C. Did the Trial Judge Err in Finding that the Breath Samples Should Not Be Excluded Under s. 24(2)?
[22] The trial judge found that if there was a s. 9 violation, he would not have excluded the breath samples under s. 24(2). Counsel for Ms. Rodrigues argues that the trial judge did not properly consider the seriousness of the breach and the impact on Ms. Rodrigues. I am not persuaded by this submission.
[23] The trial judge assessed and accepted the officers’ evidence explaining that they were following TPS procedure, were attempting to do the right thing, were not at their own division, and had alerted the division of the need for a female officer. The 30-minute wait was also caused in part by the delayed arrival of the booking sergeant. While certainly not ideal, the 30-minute delay was not caused by any systemic issues, and this was a reasonable finding on the part of the trial judge. The officers chose to follow an established policy; the delay as a result was 30 minutes.

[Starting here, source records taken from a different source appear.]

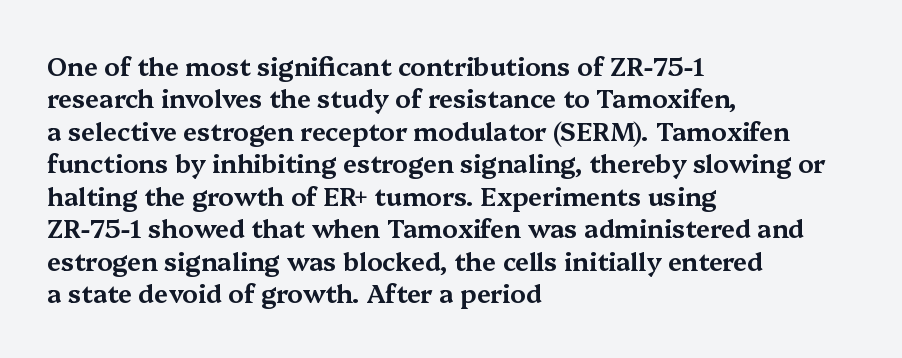
Q: Is the text italic (slanted)? A: No, it is upright.
Q: Is the text underlined? A: No.
Q: How is the paragraph aligned? A: Left-aligned.
Q: Is the spacing between letters normal or unusually wide? A: Normal.
Q: Is the spacing between lines tight, normal or loose? A: Normal.
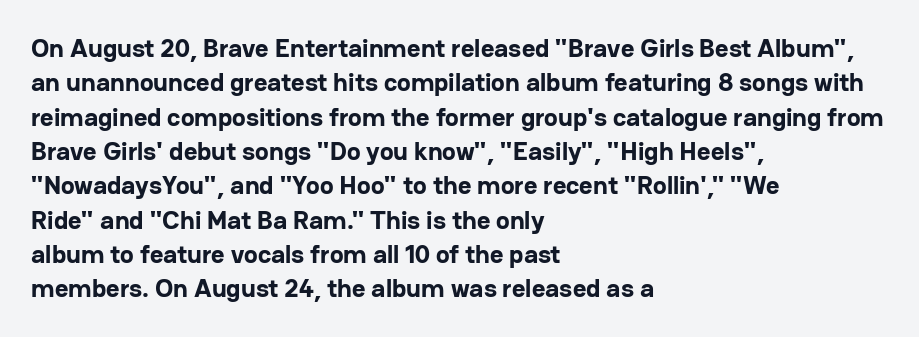
{"italic": "no", "bold": "yes", "underline": "no", "align": "left", "line_spacing": "normal", "line_spacing_ratio": 1.32, "letter_spacing": "normal", "letter_spacing_em": 0.0, "glyph_px": 26}
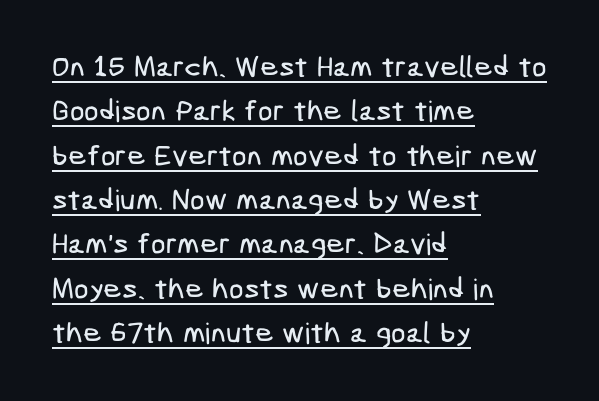
{"serif": "no", "width": "condensed", "stroke_contrast": "low", "x_height": "medium", "underline": "yes", "align": "left", "line_spacing": "normal", "line_spacing_ratio": 1.53, "letter_spacing": "normal", "letter_spacing_em": 0.0, "glyph_px": 29}
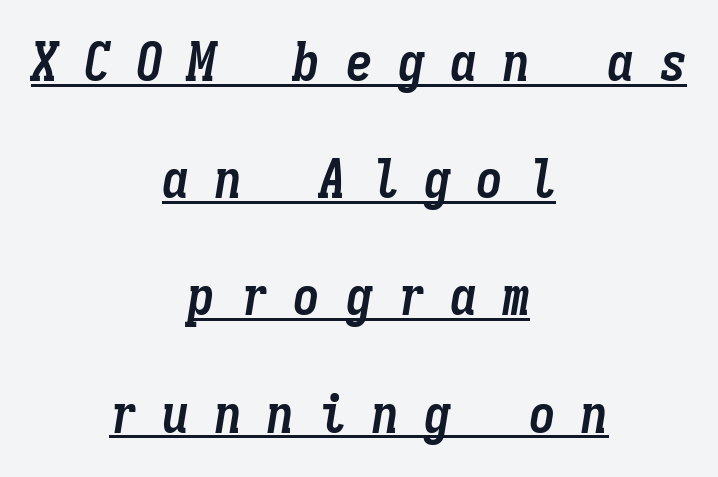
{"italic": "yes", "lean": "right", "slant_degrees": 9, "bold": "yes", "weight": "semibold", "width": "condensed", "stroke_contrast": "low", "x_height": "medium", "monospaced": "yes", "underline": "yes", "align": "center", "line_spacing": "loose", "line_spacing_ratio": 2.17, "letter_spacing": "wide", "letter_spacing_em": 0.47, "glyph_px": 54}
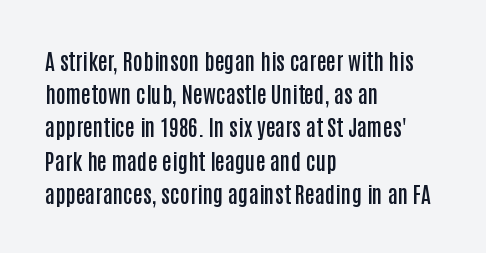
{"italic": "no", "bold": "semi", "underline": "no", "align": "left", "line_spacing": "normal", "line_spacing_ratio": 1.51, "letter_spacing": "normal", "letter_spacing_em": 0.0, "glyph_px": 22}
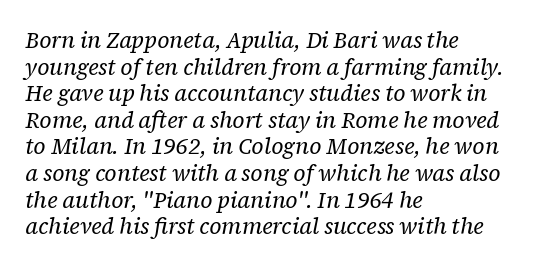
{"italic": "yes", "lean": "right", "slant_degrees": 12, "bold": "no", "underline": "no", "align": "left", "line_spacing_ratio": 1.21, "letter_spacing": "normal", "letter_spacing_em": 0.0, "glyph_px": 22}

The seriousness of this conduct, if it constituted a violation of s. 9, could only be described as minimal: Pileggi, at para. 36.
[24] The trial judge found that the impact on Ms. Rodrigues was minimal as she was in distress in any event, the officers were respectful at all times, the officers opened the door of the cruiser, and she was never left alone in the sallyport while waiting in the cruiser. Importantly, there was no connection between the alleged breach and the discoverability of the evidence. Regardless of the delay in Ms. Rodrigues being booked, the breath samples would have been taken.
[25] The trial judge was entitled to make these findings and conclude that all three factors weighed in favour of admission. There is no basis to interfere with the conclusion that were there a breach of s. 9, the breath samples would not be excluded.
D. Should Ms. Rodrigues Receive Credit for the Period She Was Prohibited from Driving Pre-Trial?
[26] Counsel for Ms. Rodrigues argues that the trial judge erred by not following Basque in not giving her credit for her pre-trial driving prohibition imposed as part of her release. Counsel asserts that although Ms. Rodrigues was subject to a Ministry of Transportation (MTO) medical driving suspension, that did not change the fact that she was still prohibited from driving due to her bail condition, nor does it make the issue moot.
[27] Ms. Rodrigues was arrested on October 16, 2021, and released on bail the next day. She was able to drive a motor vehicle again as of June 30, 2022. On October 21, 2021, the MTO medical suspension was imposed and remained in effect until July 19, 2022, slightly longer than the bail term.
[28] The trial judge imposed the mandatory minimum sentence of a $1,500 fine and a 12-month driving prohibition. This was so notwithstanding that this offence was committed while Ms. Rodrigues was on release for an impaired driving charge.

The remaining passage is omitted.